Some renovations were delayed due to the pandemic’s supply chain impact on materials. Lobby and ballroom renovations are being completed while meeting room upgrades will follow this summer and are expected to be wrapped up in late 2022.
The indenture on the 2018 restructuring bonds permits hotel operating expenses to be covered by revenue held in the senior hotel capital expenditure reserve fund with the consent of various parties. Draws were made to help cover the July 2019 payment on four of the six series of bonds that make up the restructured bonds. Project revenues appeared to cover the January 2020 payment as no notice of reserve use and no events of defaults under the indenture were reported.
Lombard established the corporation to issue the original 2005 bonds and manage plans for the Westin with village support through a tax rebate agreement and its appropriation pledge. The village, which once carried the AA rating of S&P Global Ratings, lost its investment grade rating after reneging on the pledge.
After years of failed negotiations, the village and corporation struck a deal with key bondholders and the insurer on a portion of the bonds and sought the bankruptcy’s court’s blessing in the Chapter 11 case filed in July 2017. The village’s appropriation pledge is no longer attached.
As part of the reorganization, the village board approved a restructuring agreement that provided $3 million for facility improvements and the $3.7 million TIF support for site infrastructure improvements.
Though the village of about 44,000 west of Chicago also continued to contribute revenue from a special 1% so-called Places for Eating Tax and a tax rebate it’s no longer obligated to repay the bonds. The restructuring contained various legal releases for the village, significantly reducing its legal liability.
The reorganization received overwhelming to unanimous approval in a balloting process.

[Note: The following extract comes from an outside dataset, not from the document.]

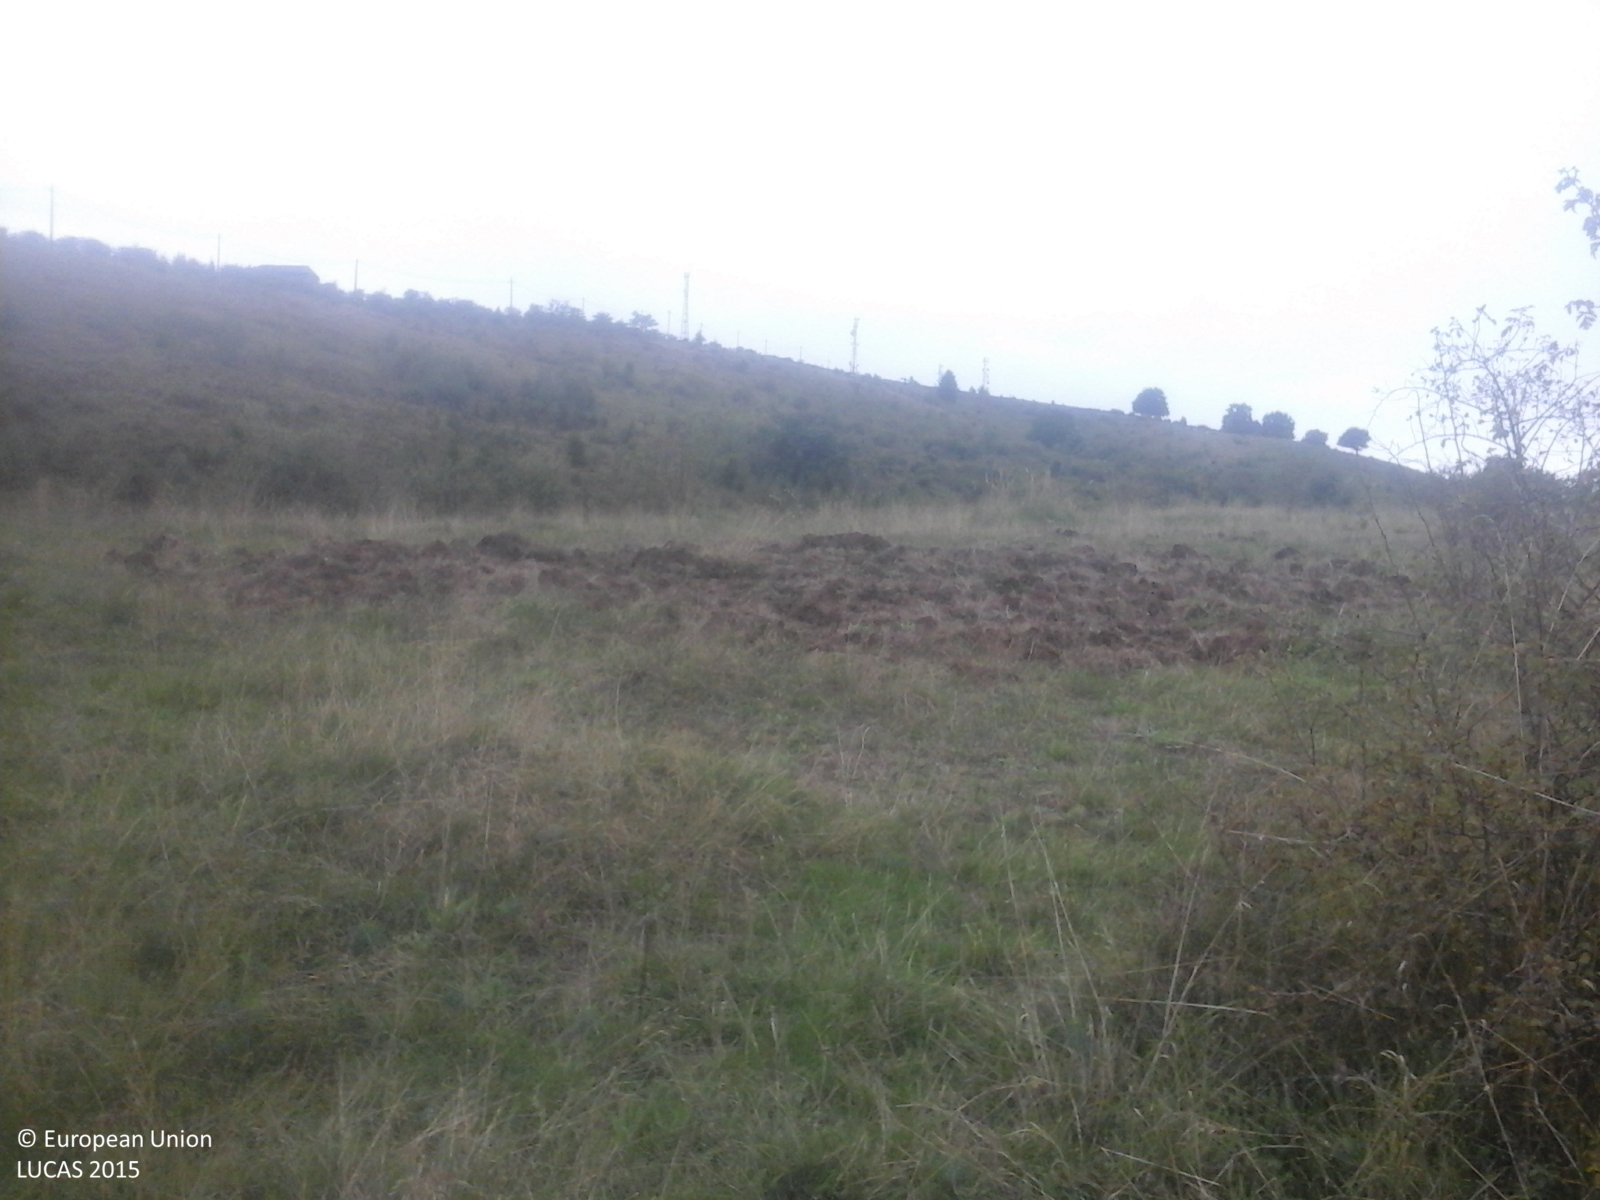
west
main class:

Major bondholders included Nuveen Asset Management, Oppenheimer Rochester High Yield Municipal Fund, and ACA Financial Guaranty, insurer on a portion of the bonds and a holder and controlling party based on the original bond indenture.

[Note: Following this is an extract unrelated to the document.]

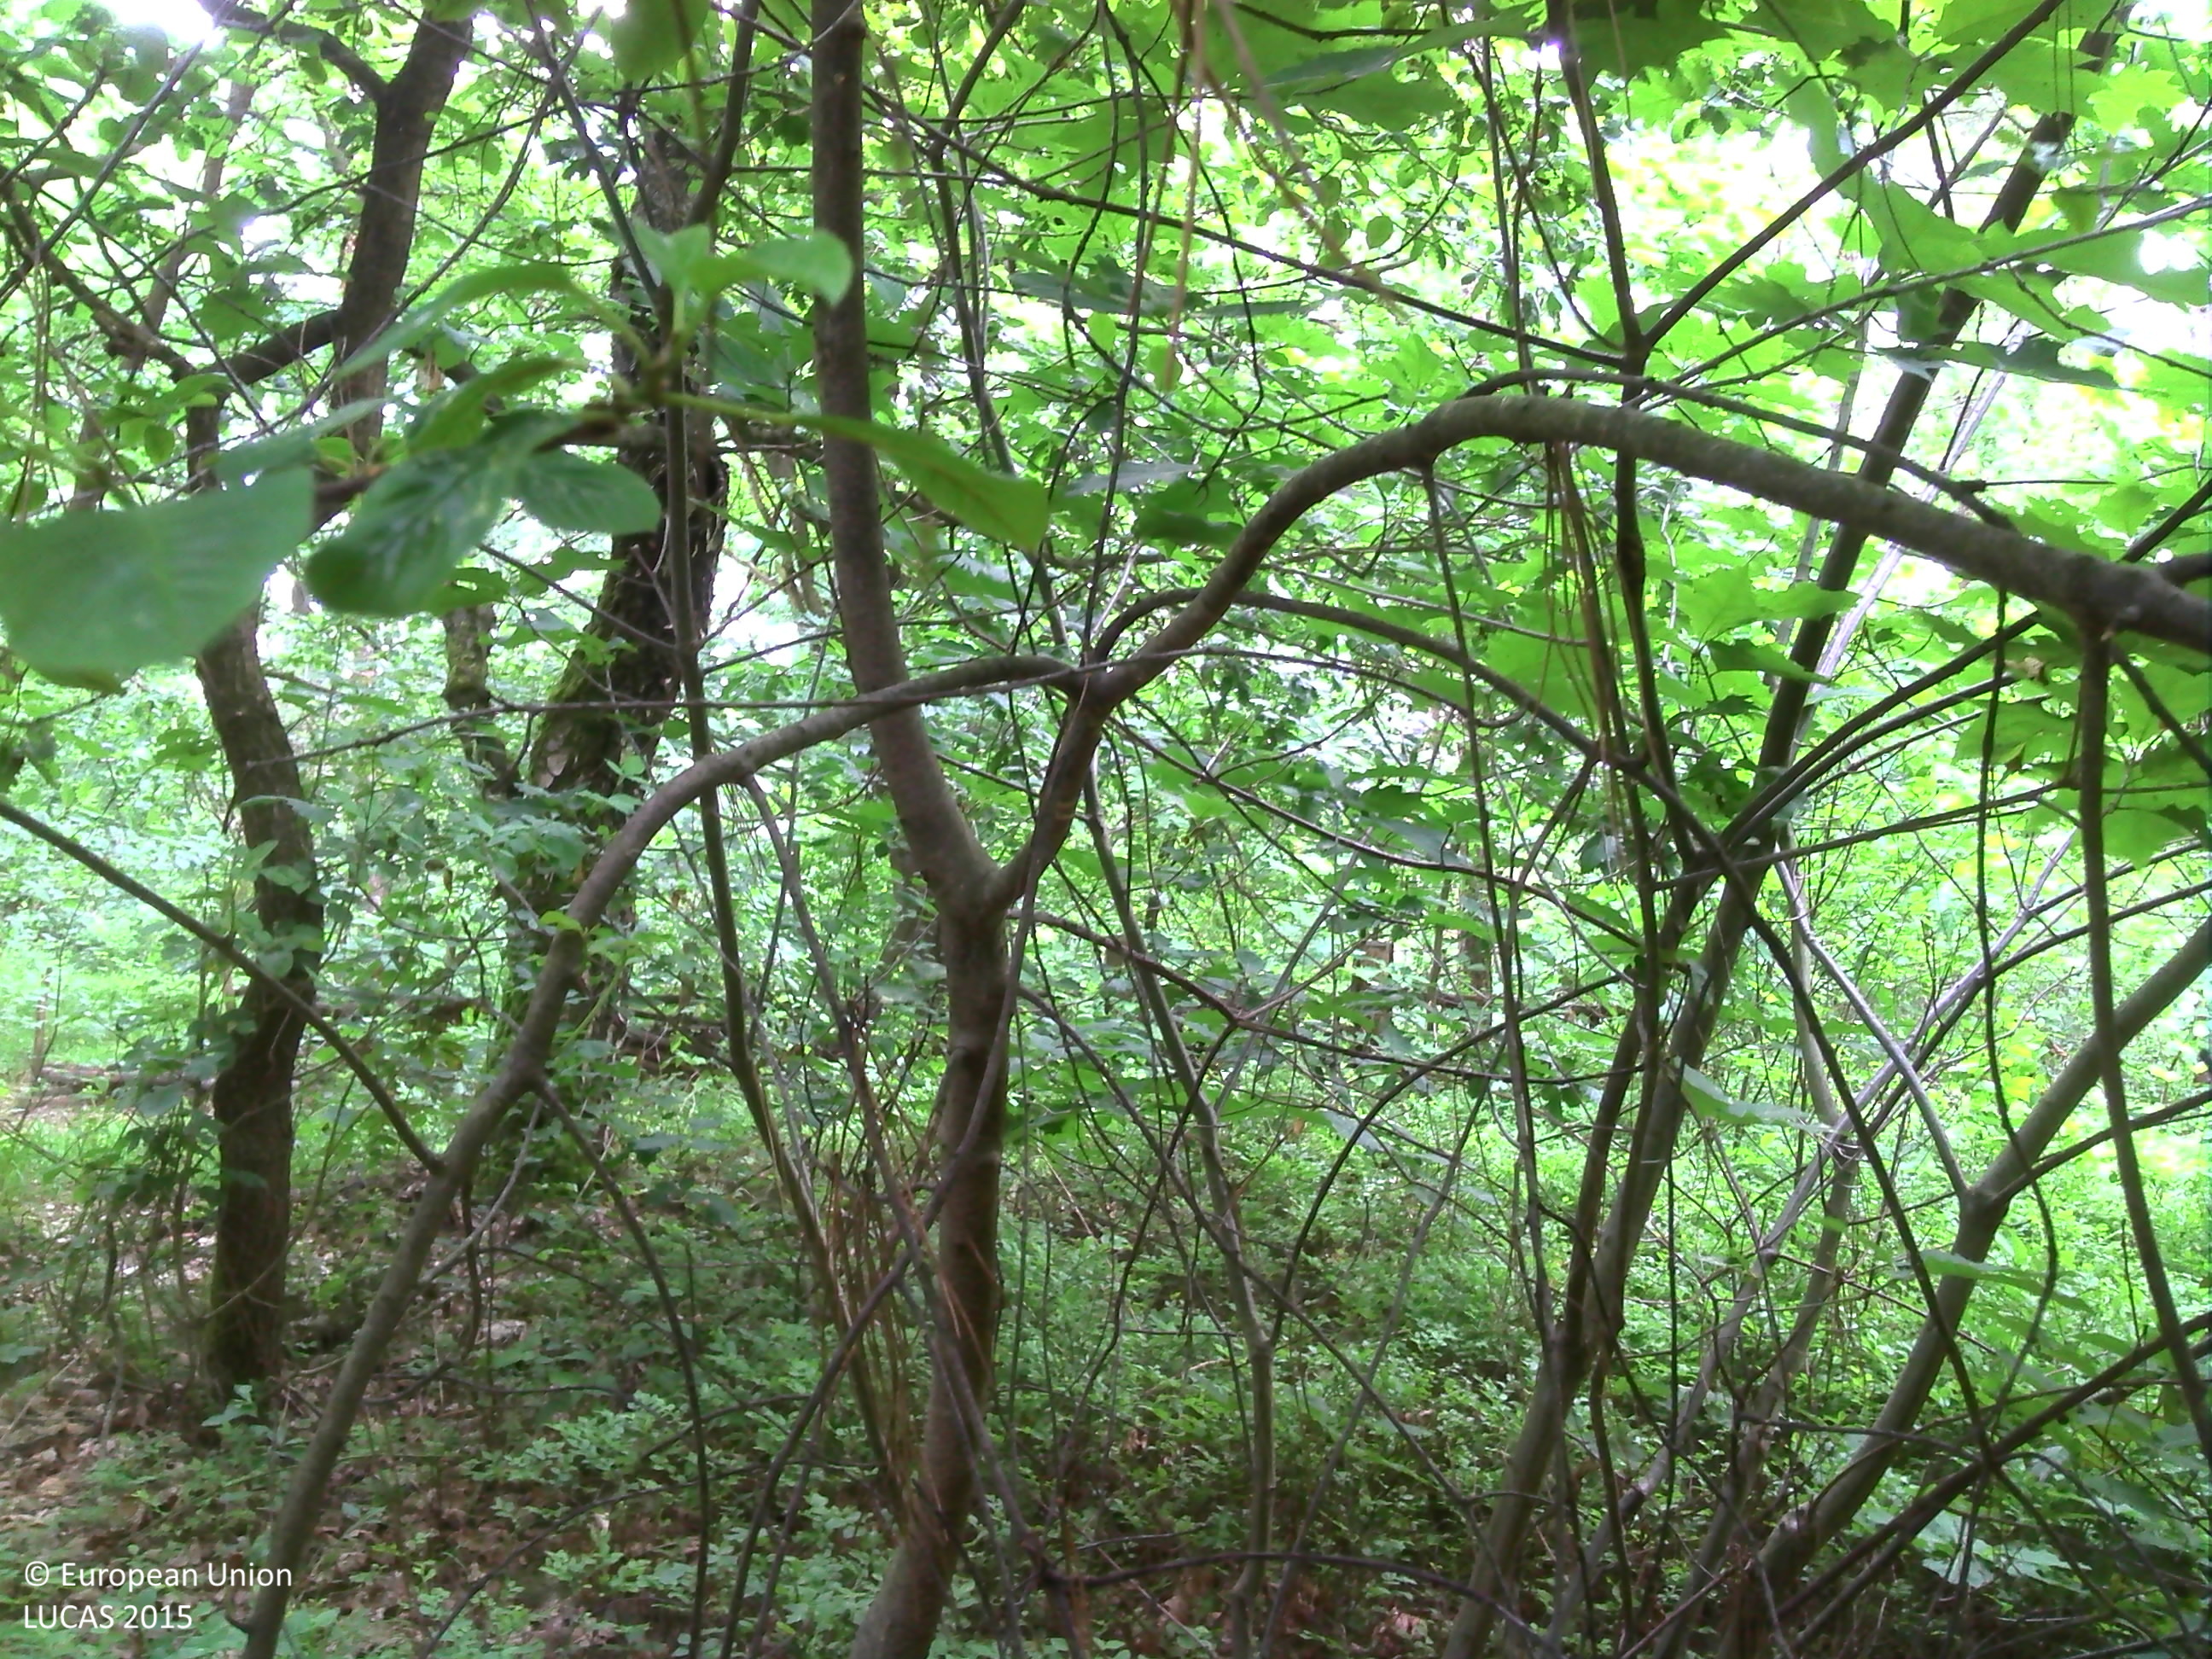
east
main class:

The $142 million bond exchange resulted in recovery rates between 77% and 86% on three most senior series while a subordinated $29 million series took a near total loss. The debt was pushed out to a 50-year repayment term.
The board that endorsed the hotel project believed demand existed, that it would spur economic development, and that it was worth the risk to the village. The facility has a 500-room hotel, two restaurants, 39,000 square feet of meeting and convention space, a 25-meter indoor swimming pool and fitness center, and a 675-car, four-story parking deck.